• Recorded data:

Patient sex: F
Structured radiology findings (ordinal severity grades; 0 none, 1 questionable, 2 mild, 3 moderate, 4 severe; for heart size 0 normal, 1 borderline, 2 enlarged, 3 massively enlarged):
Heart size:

* * *

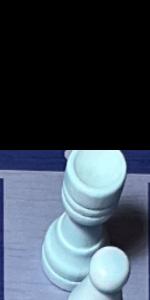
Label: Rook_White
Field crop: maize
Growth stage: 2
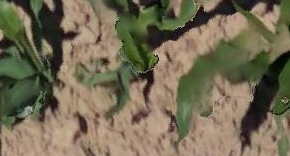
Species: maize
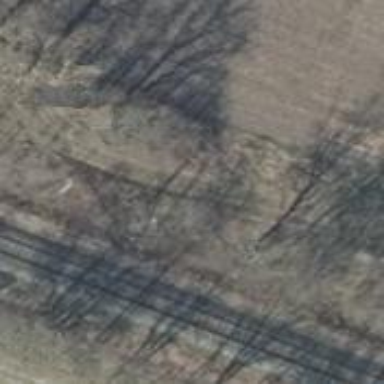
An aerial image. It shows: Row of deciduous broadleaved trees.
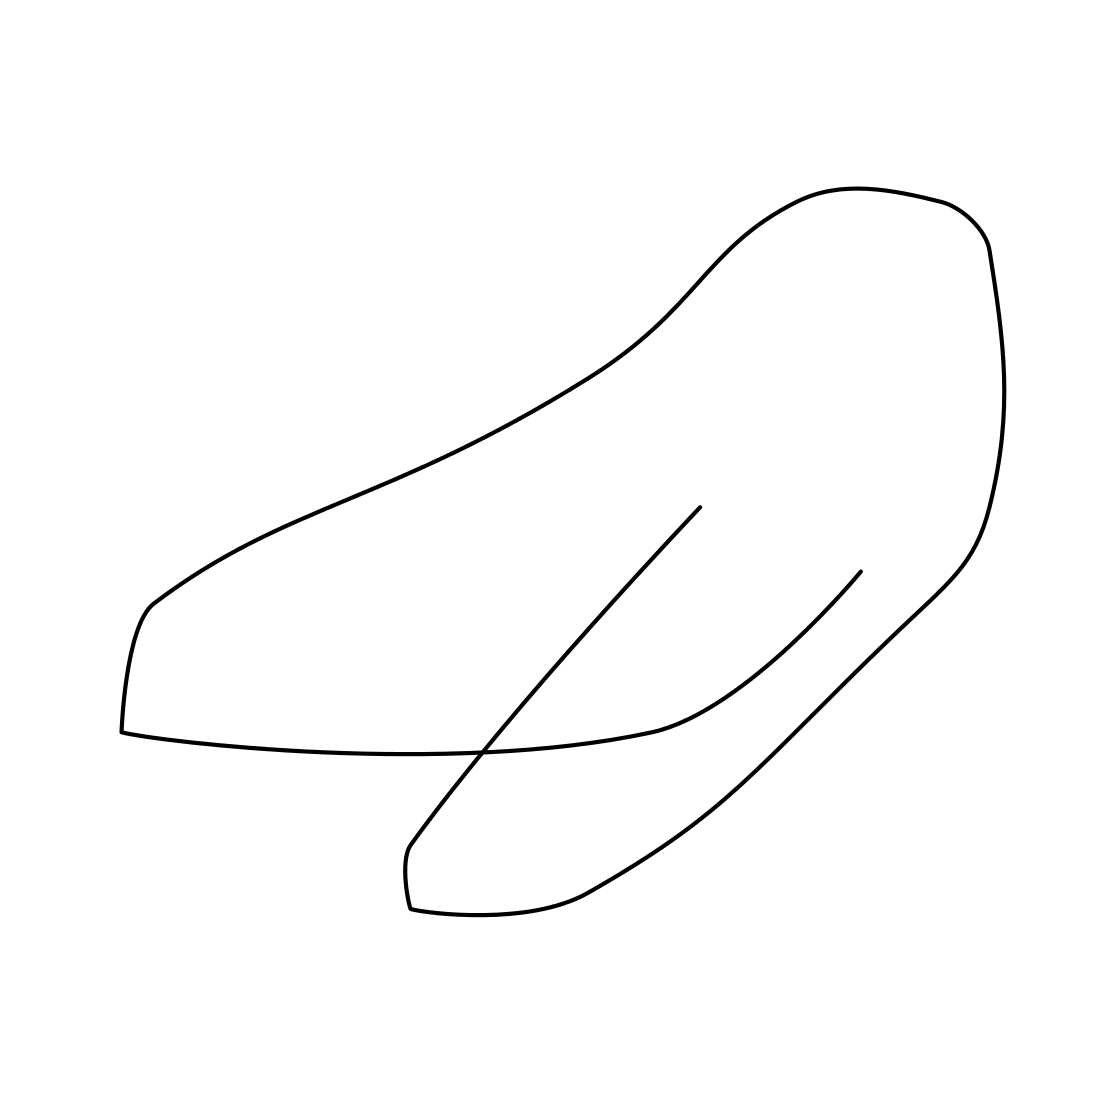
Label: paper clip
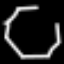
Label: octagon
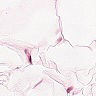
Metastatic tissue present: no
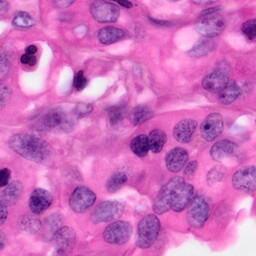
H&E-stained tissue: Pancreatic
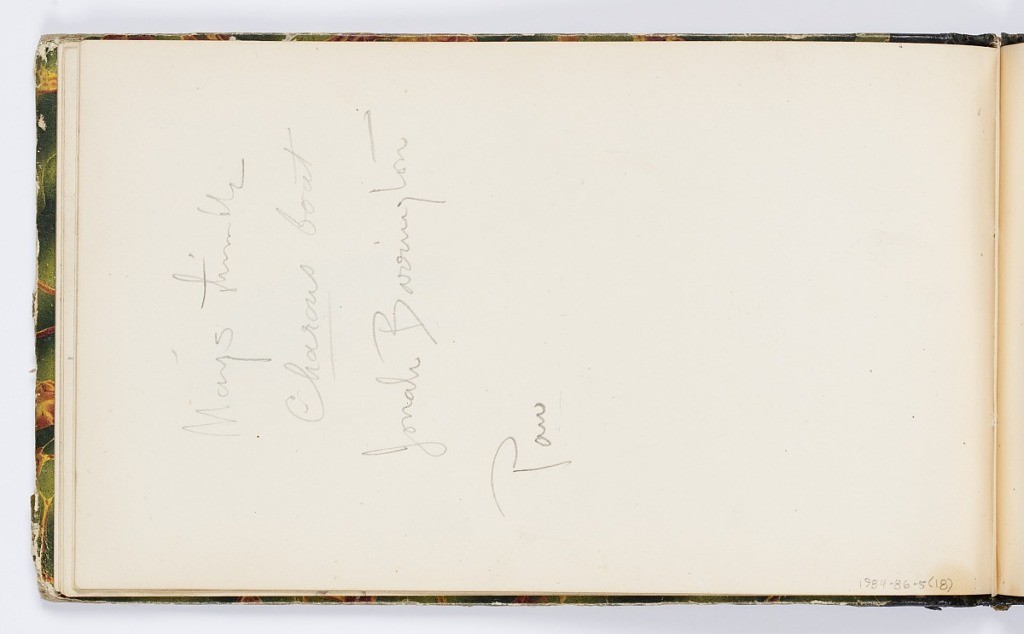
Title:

---

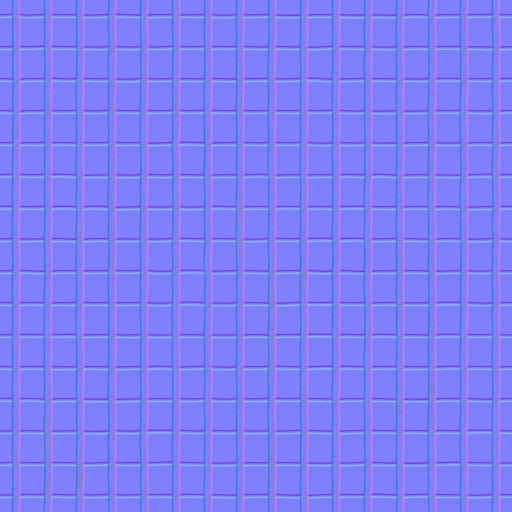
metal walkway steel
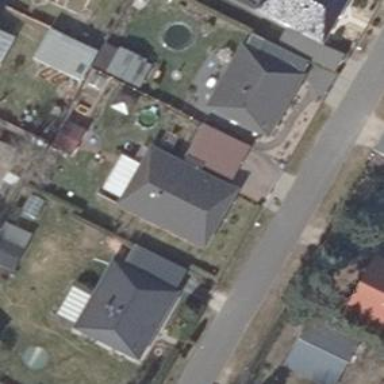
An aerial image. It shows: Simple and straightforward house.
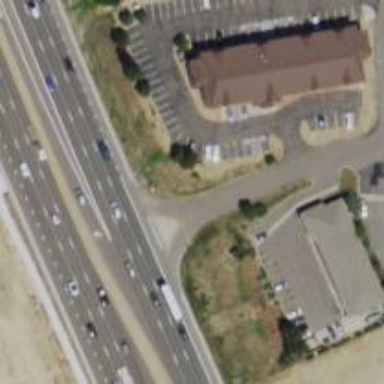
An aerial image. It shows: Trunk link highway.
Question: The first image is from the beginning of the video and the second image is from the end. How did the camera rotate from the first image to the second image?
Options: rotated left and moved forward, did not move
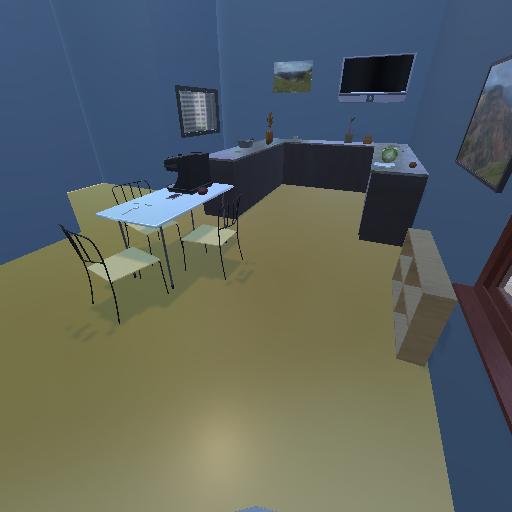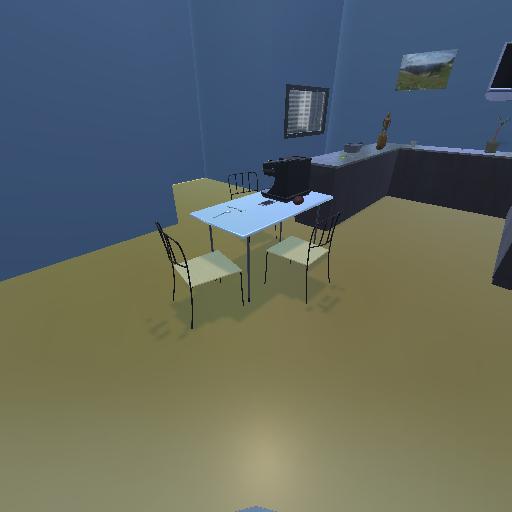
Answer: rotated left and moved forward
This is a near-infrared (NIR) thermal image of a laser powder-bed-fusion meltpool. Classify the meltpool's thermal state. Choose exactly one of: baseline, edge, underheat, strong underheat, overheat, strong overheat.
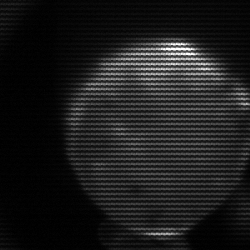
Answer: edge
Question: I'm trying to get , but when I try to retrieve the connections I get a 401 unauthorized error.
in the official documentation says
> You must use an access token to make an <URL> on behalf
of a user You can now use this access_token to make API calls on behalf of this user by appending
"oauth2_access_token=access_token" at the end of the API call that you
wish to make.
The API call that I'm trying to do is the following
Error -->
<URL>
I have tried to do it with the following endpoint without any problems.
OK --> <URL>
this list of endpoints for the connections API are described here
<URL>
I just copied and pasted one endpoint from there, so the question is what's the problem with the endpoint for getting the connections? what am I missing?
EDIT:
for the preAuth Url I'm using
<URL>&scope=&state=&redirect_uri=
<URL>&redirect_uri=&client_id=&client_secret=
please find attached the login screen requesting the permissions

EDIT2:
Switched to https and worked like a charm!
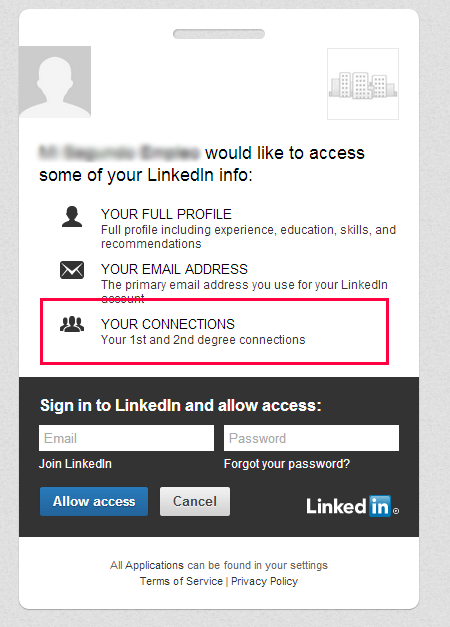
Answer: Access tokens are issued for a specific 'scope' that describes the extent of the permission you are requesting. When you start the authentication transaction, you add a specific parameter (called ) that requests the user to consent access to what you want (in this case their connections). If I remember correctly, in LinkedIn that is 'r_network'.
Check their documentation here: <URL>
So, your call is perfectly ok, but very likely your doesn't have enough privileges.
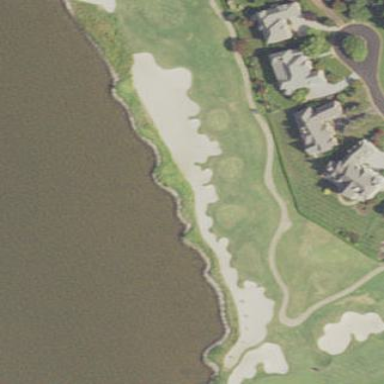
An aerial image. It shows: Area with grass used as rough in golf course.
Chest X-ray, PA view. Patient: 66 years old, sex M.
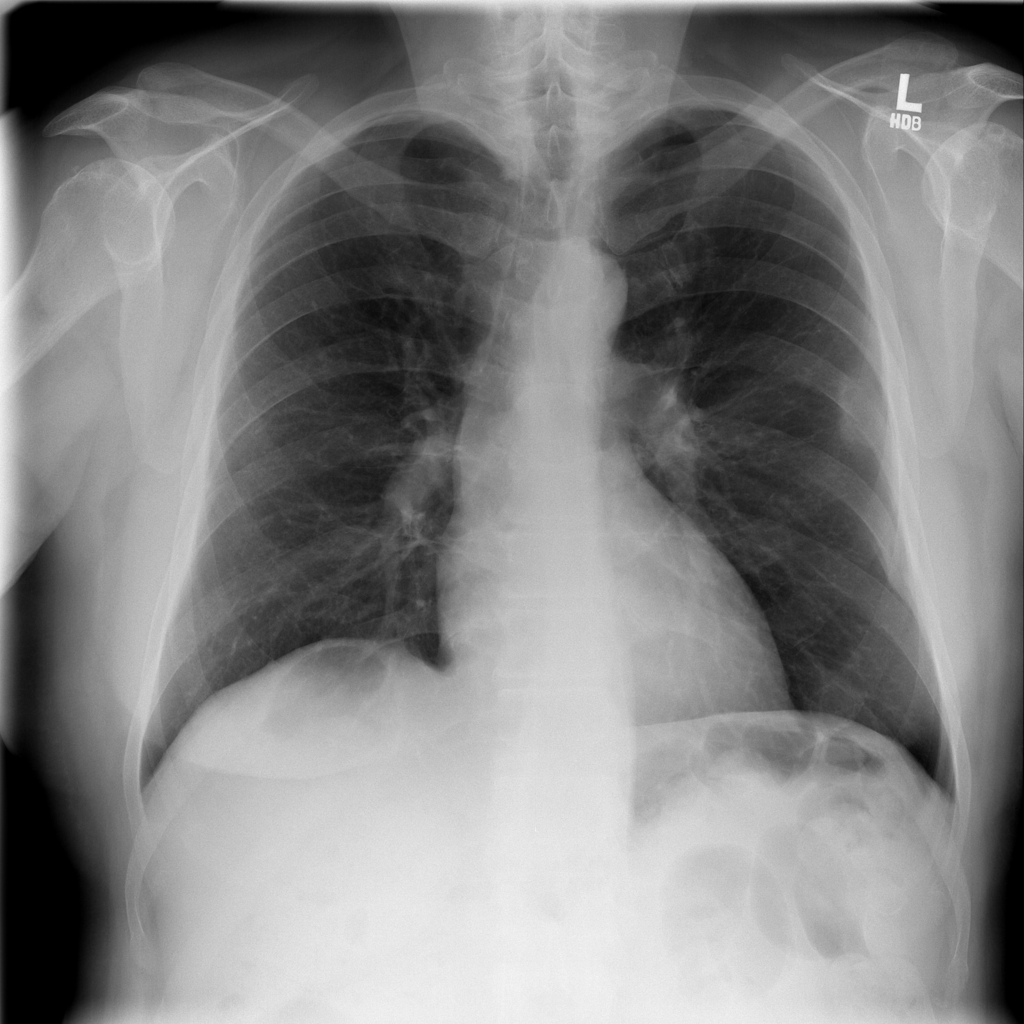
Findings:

• Task instructions: With the pictures omitted, restate word for word the lines above from the line that has "Options: rotated left" up to and including the line that has "This is a near-infrared", and no other lines.

• Answer section:
Options: rotated left and moved forward, did not move
Answer: rotated left and moved forward
This is a near-infrared (NIR) thermal image of a laser powder-bed-fusion meltpool. Classify the meltpool's thermal state. Choose exactly one of: baseline, edge, underheat, strong underheat, overheat, strong overheat.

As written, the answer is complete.